Dalam hal ini adanya budaya malu atau budaya perasaan bersalah dari warga masyarakat.

Sejalan dengan pendapat diatas bahwa Undang Undang Advokat memberikan hak kepada masyarakat seperti yang diatur didalam pasal 22 ayat (1) menyebutkan Advokat wajib memberikan bantuan hukum secara Cuma Cuma kepada pencari keadilan yang tidak mampu. Dan dalam ayat (2) pelaksanaanya diatur dengan Peraturan Pemerintah, dan sayangnya Peraturan Pemerintahnya belum ada. Berangkat dari ketentuan diatas anggota masyarakat yang tidak mampu berhak untuk meminta bantuan hukum kepada para advokat termasuk advokat yang ternama sekalipun karena hak fakir miskin untuk dibela oleh advokat dijamin oleh undang undang, walaupun peraturan pelaksananya belum ada itu tidak menjadi masalah, karena dapat menggunakan kode etik advokat Indonesia. Ketika seorang Advokat menolak untuk membela fakir miskin karena kemiskinannya tidak sanggup membayarnya advokat, maka sudah jelas advokat tersebut sudah bertentangan dengan kewajiban profesinya, maka berdasarkan pasal 11 tentang pengaduan Kode Etik Advokat Indonesia, anggota masyarakat dapat mengajukan pengaduan ke Dewan Kehormatan Advokat, untuk memintakan keadilan sesuai kewajibannya seorang advokat tidak boleh menolak perkara karena tidak memiliki uang untuk membayarnya.

Kerapkali masyarakat miskin ini selalu menjadi objek ketidak adilan dari para penegak hukum, bahkan hak untuk hidup yang layak di kota kota besar saja rasanya sulit karena selalu berbenturan berbenturan dengan ketentuan ketentuan hukum. Contoh entah sudah diterbitkan atau belum penulis belum mengetahui dengan pasti, yang jelas bahwa di Daerah Khusus Ibu Kota Jakarta akan dibuat perda yang melarang memberi sedekah dijalanan kepada pengemis, sanksinya yang memberi akan kena hukuman. Artinya perda ini yang tidak lain produk hukum positif yang mendorong kepada para penegak hukum untuk melakukan atau melegalkan ketidak adilan pada golongan kaum miskin, sehingga sudah menjadi pemandangan biasa dijalanan para Aparat Trantib DKI berburu dan berkejar kejaran dengan para peminta minta jalanan, kadangkala para peminta minta dengan panik berlari tanpa memperhatikan kendaraan yang lalu lalang sehingga terjadi kecelakaan, pemandangan yang seperti ini bukan hal yang biasa, akan tetapi hal yang sangat memprihatinkan.
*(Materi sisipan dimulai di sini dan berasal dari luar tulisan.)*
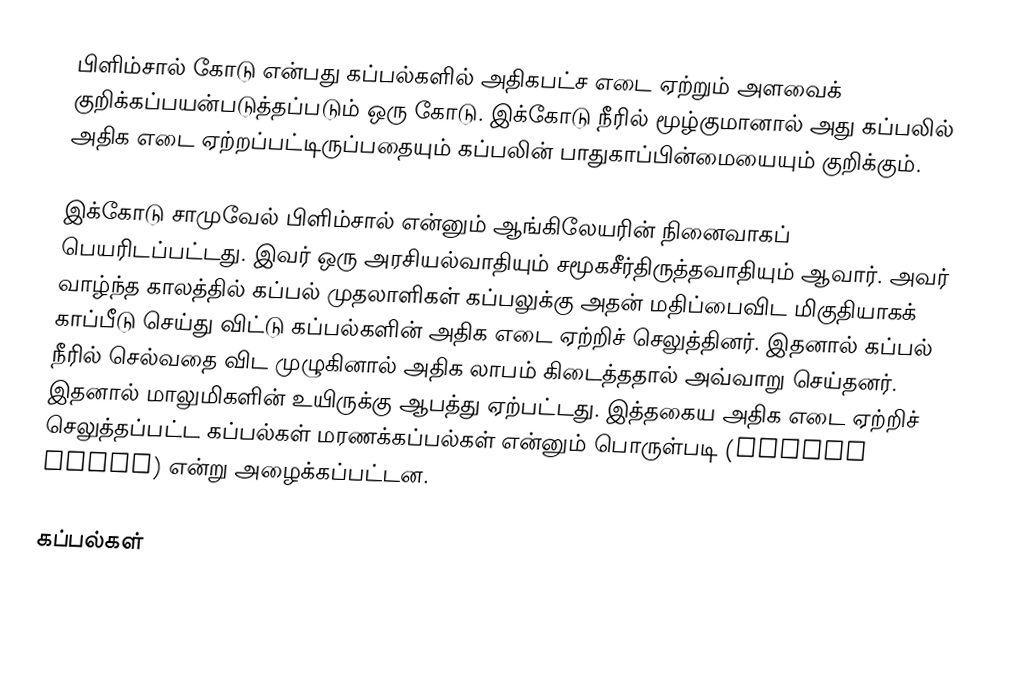
பிளிம்சால் கோடு என்பது கப்பல்களில் அதிகபட்ச எடை ஏற்றும் அளவைக் குறிக்கப்பயன்படுத்தப்படும் ஒரு கோடு. இக்கோடு நீரில் மூழ்குமானால் அது கப்பலில் அதிக எடை ஏற்றப்பட்டிருப்பதையும் கப்பலின் பாதுகாப்பின்மையையும் குறிக்கும்.

இக்கோடு சாமுவேல் பிளிம்சால் என்னும் ஆங்கிலேயரின் நினைவாகப் பெயரிடப்பட்டது. இவர் ஒரு அரசியல்வாதியும் சமூகசீர்திருத்தவாதியும் ஆவார். அவர் வாழ்ந்த காலத்தில் கப்பல் முதலாளிகள் கப்பலுக்கு அதன் மதிப்பைவிட மிகுதியாகக் காப்பீடு செய்து விட்டு கப்பல்களின் அதிக எடை ஏற்றிச் செலுத்தினர். இதனால் கப்பல் நீரில் செல்வதை விட முழுகினால் அதிக லாபம் கிடைத்ததால் அவ்வாறு செய்தனர். இதனால் மாலுமிகளின் உயிருக்கு ஆபத்து ஏற்பட்டது. இத்தகைய அதிக எடை ஏற்றிச் செலுத்தப்பட்ட கப்பல்கள் மரணக்கப்பல்கள் என்னும் பொருள்படி (coffin ships) என்று அழைக்கப்பட்டன.

கப்பல்கள்
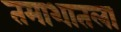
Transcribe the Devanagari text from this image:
तमाशातला
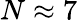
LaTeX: N\approx 7
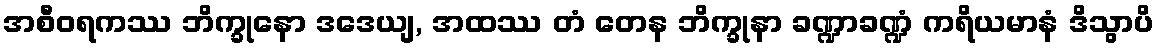
အစီဝရကဿ ဘိက္ခုနော ဒဒေယျ, အထဿ တံ တေန ဘိက္ခုနာ ခဏ္ဍာခဏ္ဍံ ကရိယမာနံ ဒိသွာပိ
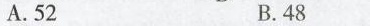
A.52 B.48
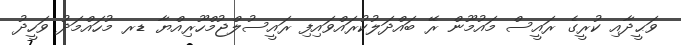
ވަޙީދާއި ކުރީގެ ރައީސް މައުމޫން ރޭ ބައްދަލުކުރައްވައިފި ރައީސުލްޖުމްހޫރިއްޔާ ޑރ މުހައްމަދު ވަހީދު
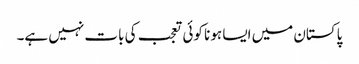
پاکستان میں ایسا ہونا کوئی تعجب کی بات نہیں ہے۔
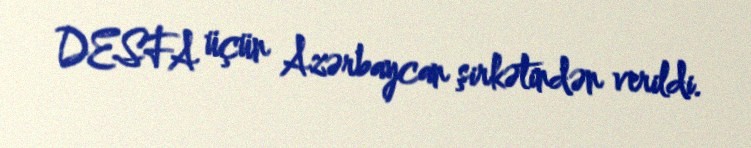
DESFA üçün Azərbaycan şirkətindən verildi.
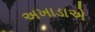
અખાડાએ
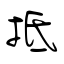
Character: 抵

Penulis yakin para advokat yang berpraktek di kota kota besar seperti di DKI pernah menyaksikan kejadian tersebut diatas baik langsung maupun melalui TV, media cetak, akan tetapi hatinya tidak tergerak untuk membantu secara hukum, padahal kemulian profesinya terletak pada orang orang miskin ini. Bagaimana mungkin orang orang miskin jika berhadapan dengan aparat penegak hukum dapat mengajukan pembelaan atas hak sebagai rakyat Bangsa Indonesia yang dilindungi secara konstitusi. Tentu peran advokatlah yang diharapkan dapat tampil mewakili kaum miskin ini untuk membela baik didalam maupun diluar pengadilan untuk kepentingan hukum para fakir miskin. Dan satu hal lagi kebiasaan dari pemerintah

DKI yang mendorong timbulnya kesenjangan social begitu tajam, karena ada perlakuan yang tidak adil terhadap para pendatang yang mengadu nasib di Jakarta se olah olah Jakarta tertutup untuk pendatang yang tidak memiliki keahlian(skill) , biasanya dilakukan setelah hari Idul Fitri selalu mengadakan operasi Yustisia terhadap para pendatang, akan tetapi anehnya operasi itu hanya ditujukan pada rakyat kecil saja, kenapa terhadap pendatang pendatang yang ada dirumah rumah elit tidak pernah dilakukan operasi justsio, tidak ada jaminan yang dirumah mewah itu memiliki KTP DKI. Karena kesadaran hukum mayarakat yang masih rendah, maka segala perlakuan para penegak hukum diterimanya denga pasrah, sift nerima dengan pasrah ini juga dipengaruhi oleh kultur dan budaya masyarakat berasal dari tempat asalnya. Jika aparat konsisten terhadap hukum, sebaiknya dalam operasi justisia itu kalau merujuk pada isi konsideran Undang Undang Advokat, dimana advokat sebagai salah satu pilar peradilan, maka sebaiknya advokat diikut sertakan dalam oprasi justisia tersebut.

C.

HAK DAN KEWAJIBAN ADVOKAT. Didalam konsideran Undang Undang Advokat bahwa kekuasaan kehakiman yang bebas dari segala campur tangan dan pengaruh gari luar, memerlukan profesi Advokat yang bebas, mandiri, dan bertanggung jawab, untuk terselenggaranya suatu peradilan yang jujur, adil, dan memiliki kepastian hukum,kebenaran, keadilan, dan hak asasi manusia. Artinya apabila disimpulkan dari apa yang diuraikan dalam konsideran diatas, begitu hebatnya profesi advokat, begitu terhormat dan mulianya kedudukan profesi advokat, karena diperlukan dan

dijadikan salah satu pilar pengadilan dan sekaligus diberikan kehormatan seolah olah dengan kehadiran advokat menjadi pilar pengadilan akan tercipta suatu peradilan yang jujur, adil bagi pencari keadilan.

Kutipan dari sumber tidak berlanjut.